Jhum: Rural Sustenance under Conflict in Northeast India

[To be published in India Together http://www.indiatogether.org/ in June 2008]

Due to its intimate integration with rural society in Northeast India, it is important to understand jhum, a form of slash-and-burn shifting cultivation, as well as the salient issues surrounding this practice. It is primarily a pre-capitalist livelihood generation activity for food sustenance, and constitutes a large chunk of the labour performed by rural folk in the hilly regions of Northeast India. The system has also been affected by the numerous ongoing conflicts between the Indian state and various insurgencies in the region, causing immense hardship to those people dependent on it. In addition there are certain negative viewpoints on the impacts of the practice on the local ecology, which need a brief examination as the vested interests behind some of those arguments need to be exposed.

Introduction: Unlike many other parts of India, where even villages are in some way or the other connected to the capital market, albeit through informal means, people in the rural hills of Northeast India for the most part engage in pre-capitalist sustenance activities, with surplus produce sold in nearby bazaars. The most important and widespread activity is shifting cultivation, of primarily the slash-and-burn variety along the hill slopes. This practice usually ensures enough grains and vegetables for the entire year. Along the lines of the egalitarian functioning of most tribes in the region, this form of cultivation has men and women playing equally large roles, with women often even playing a dominant role especially in deciding the distribution of the produce and the selling of the surplus.

Now, anyone who has ever done some real hiking would confirm that trekking up a steep hill slope, even for fairly fit individuals, is tough work.
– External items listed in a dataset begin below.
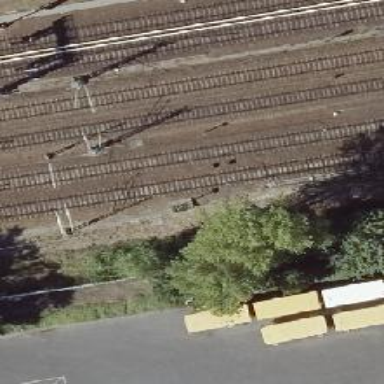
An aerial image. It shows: Railway signal.
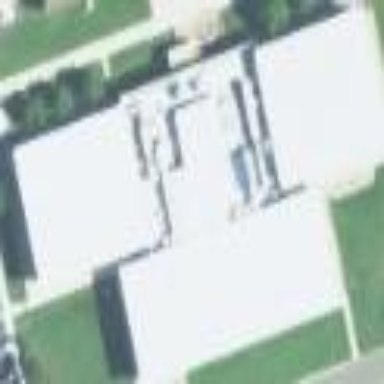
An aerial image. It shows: Building that is sports hall.
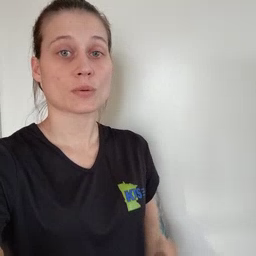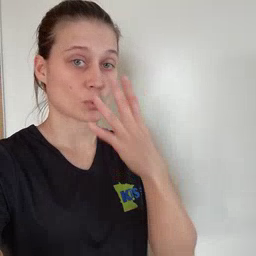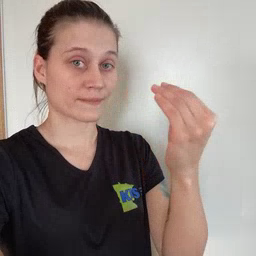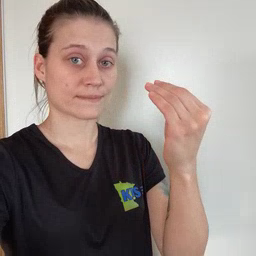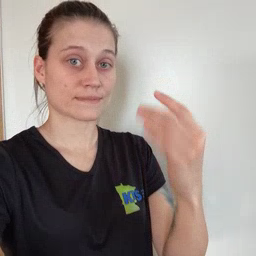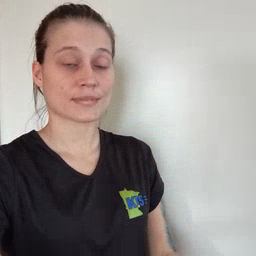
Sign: wolf
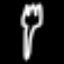
Label: fork
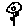
Label: flower
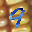
Label: 9
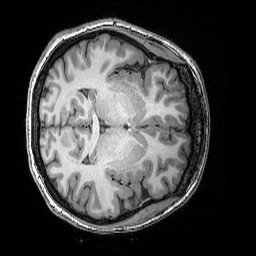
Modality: T1w
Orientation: axial
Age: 19
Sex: female
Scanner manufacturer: siemens
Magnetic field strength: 3 T
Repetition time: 2.25 s
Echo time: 0.00418 s

Jhum requires far more hardiness and consists of chopping firewood along a tract of hill-land, clearing that tract through controlled fires for cultivation, cultivating on the land as per a tight seasonal schedule, and then carrying large bundles of firewood (often uphill) back to ones village in the evening for cooking fire. This gives an idea of how, by sheer dint of hard physical labour, the rural poor find sustenance in the region. It’s a cooperative system of production with a village or many villages cultivating one tract of land and then sharing the produce at the end of the harvest, completely devoid of feudal fetters.

The timeframe for jhum is fairly strict, especially keeping in mind the heavy rainfall in the area, requiring the land to be cleared and seeds sowed in time for the monsoons. The forest land is usually cleared in December and January by slashing at shrubs, and cutting trees, while leaving tree stumps and roots. The slashed vegetation is then allowed to dry for a month or two before burning the tract of land in March. In addition to clearing the land, the burning of the leftover vegetation returns nutrients to the soil through ash and the killing of microbes allowing relatively higher yields. Seeds are then sowed, which mainly consist of cereals, vegetables and oil seeds.

The practice is usually driven by sustainability and the village or group of villages practicing jhum on one particular tract of land continue until the soil is depleted of nutrients and then move on to another allowing the former tract of land to regenerate. In earlier times, with lower population numbers, the land would be cultivated on for 10-20 years, but now it rarely goes beyond 3-5 years, due to greater pressures on the land for food. The acute time-sensitivity of the cycle is important to note as it’s the feature of the practice that is most affected by the various ongoing conflicts in the region.

Effects of the Conflict: Large sections of rural Northeast India, and their modes of commerce, now function under the sway of Indian military cantonments, which have usurped expansive tracts of land and harshly affected rural livelihood activities. Furthermore the villagers often find themselves caught in between the military and the insurgencies. Thus the practice of jhum has started getting badly affected in many parts of the region due to the presence of the Indian army and the resulting conflict, which causes disruption in the cultivation cycle resulting in harsh insecurities for people depending on the produce to feed themselves.

Mokokchung in Nagaland is a classic example of military cantonments taking over prime land across Northeast India. Traveling with a senior academic and Naga human rights activist in the town, one witnessed the overwhelming presence of the Indian military. Central Reserve Police Force barracks built over beautiful forestland, and vast army campuses sprawled over the landscape were everywhere, cordoned off from the rest of the population. My friend spoke of a huge green commons where he and his buddies used to play in when they were children. Now all that remains is a tiny gazebo-like structure, where young couples come and stargaze, surrounded by military buildings and soldiers. Youngsters, especially young men, are often harassed and detained by the military, and last year the entire town went off the boil upon learning that a young woman was sexually harassed by a soldier.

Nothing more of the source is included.